Saved entries
--------
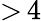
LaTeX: {>}\, 4
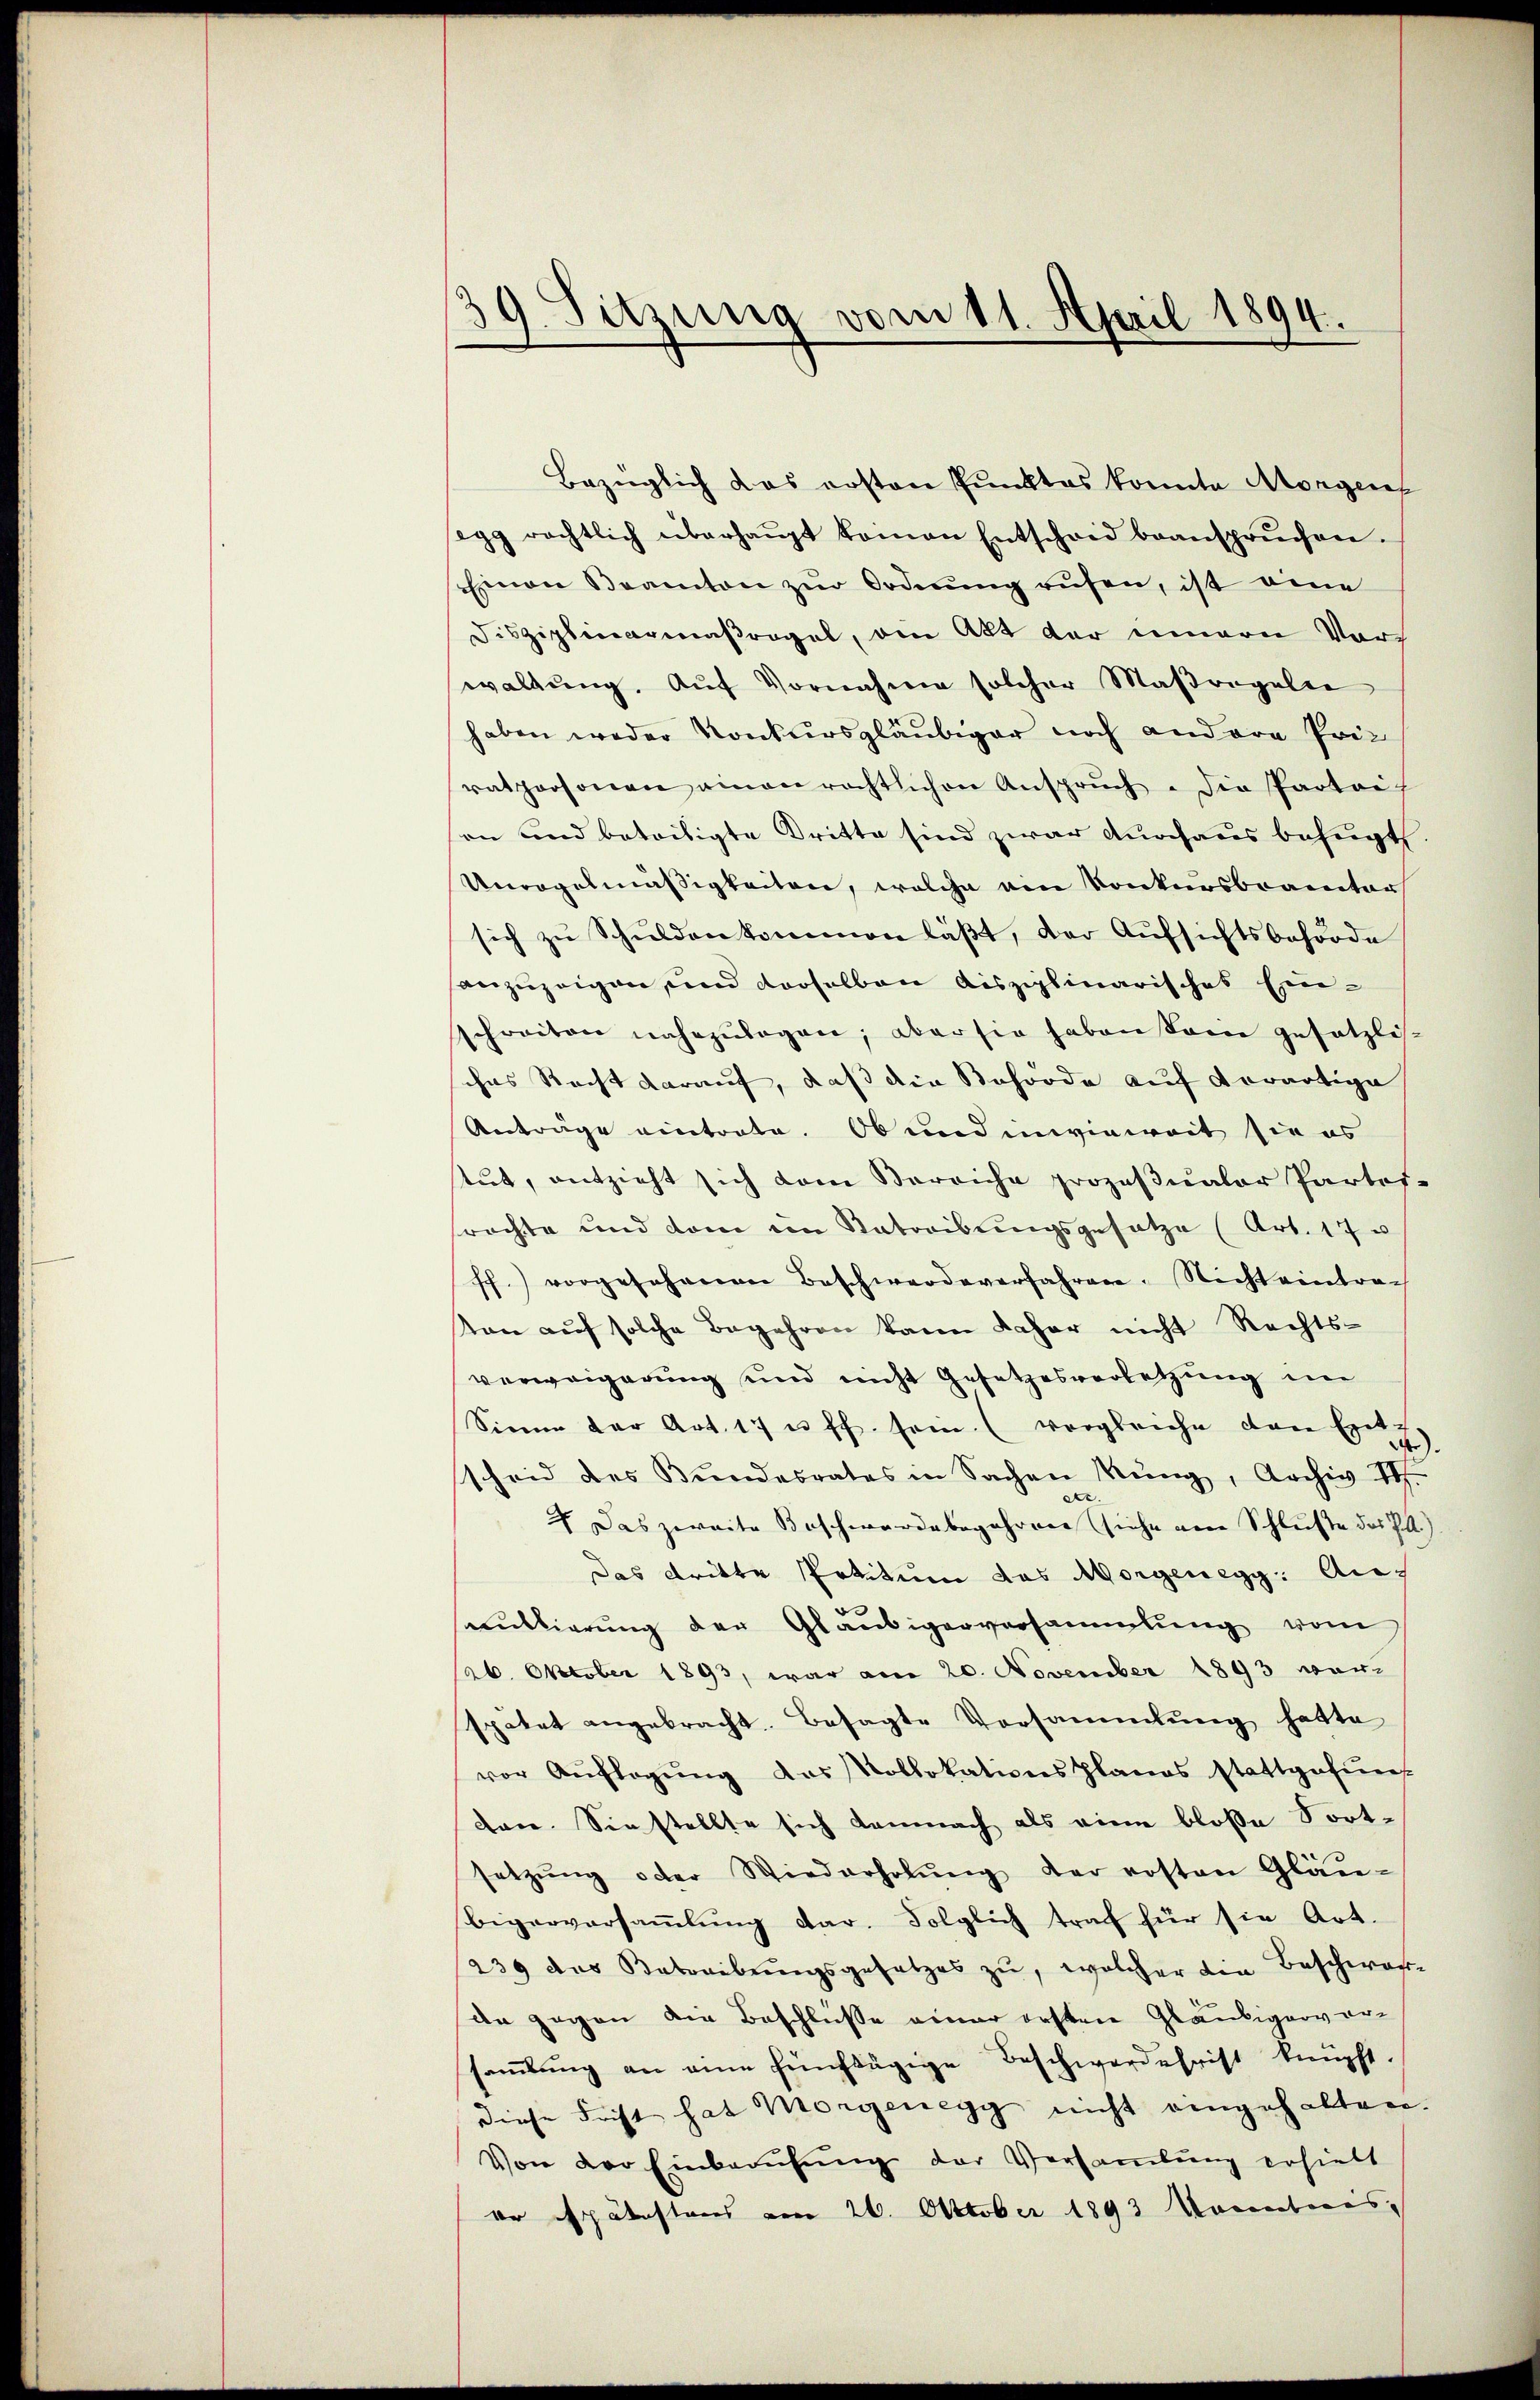
39. Sitzung vom 11. April 1894.

Bezüglich das ersten Punktes konnte Morgen
segg rächtlich überhaŭpt keinen Entscheid beansprŭchen.
Einen Beamten zŭr Ordnŭng rŭfen, ist eine
Disziplinarmaßregel, am Akt der innern Vorwaltung. Auf Vornahme solcher Maßregelte
haben weder Konkursgläubiger noch andere Priratpersonen einen rechtlichen Ansprŭch. Die Parteil
an und beteiligte Dritte sind zwar durchaus befugt
Unregelmäßigkeiten, welche am Konkursbeamter
sich zŭ Schŭlden kommen läβt, der Aŭfsichtsbehörde
anzuzeigen, und derselben disziplinarisches Einschreiten nahezŭlagen; aber sie haben sowie gesetzli-
ches Recht darauf, daß die Behörde auf derartige
Anträge eintrate. Ob und invieweit sie es
tŭt, entzieht sich dem Verriche prozeβŭaler Partes-
frachte und dem im Natreibungsgesetze (Art. 17 u
ff.) vorgesehenen Beschwerdeverfahren. Nicht eintra-
ton aŭf solche Begehren kann daher nicht Rechts-
verweigerung und nicht Gesetzesverletzung im
Sinne der Art. 17 u. ff. sein. (vergleiche von Exetz,
scheid des Bŭndesrates in Sachen Rŭng, Archiv II.
4. Das zweite Beschwerdebegehren siche am Schluße des Ja.)
das dritte Petitum das Morgenegg: Annŭttierŭng der Gläubigerversammlung vom
26. Oktober 1893, war am 20. November 1893 war
spätet angebracht. Besagte Vorsammlung hatte
vor Auflegŭng das Kollokationsplanes stattgefŭn
Lane. Sie stellte sich demnach als eine bloße Fortsetzŭng oder Wiederholŭng der ersten Gläu-
Bigerversaṁlŭng dar. Folglich traf für sie Art.
239 das Betreibungsgesetzes zu, welcher die Beschwarda gegen die Beschlüsse einer ersten Gläubigerversaṁlŭng an eine fünftägige Beschwerdefrist knüpft.
diese Frist hat Morgenegg nicht eingehalten.
Von der Einberufung der Versammlung erhielt
er spätesteres vom 26. Oktober 1893 Monatores,
--------
◆ **TASK STATEMENT**:
Where does the word "Morgenegg" appear in the records above? Return every line that holds it.

◆ **THE COMPLETED TASK**:
das dritte Petitum das Morgenegg: Annŭttierŭng der Gläubigerversammlung vom
diese Frist hat Morgenegg nicht eingehalten.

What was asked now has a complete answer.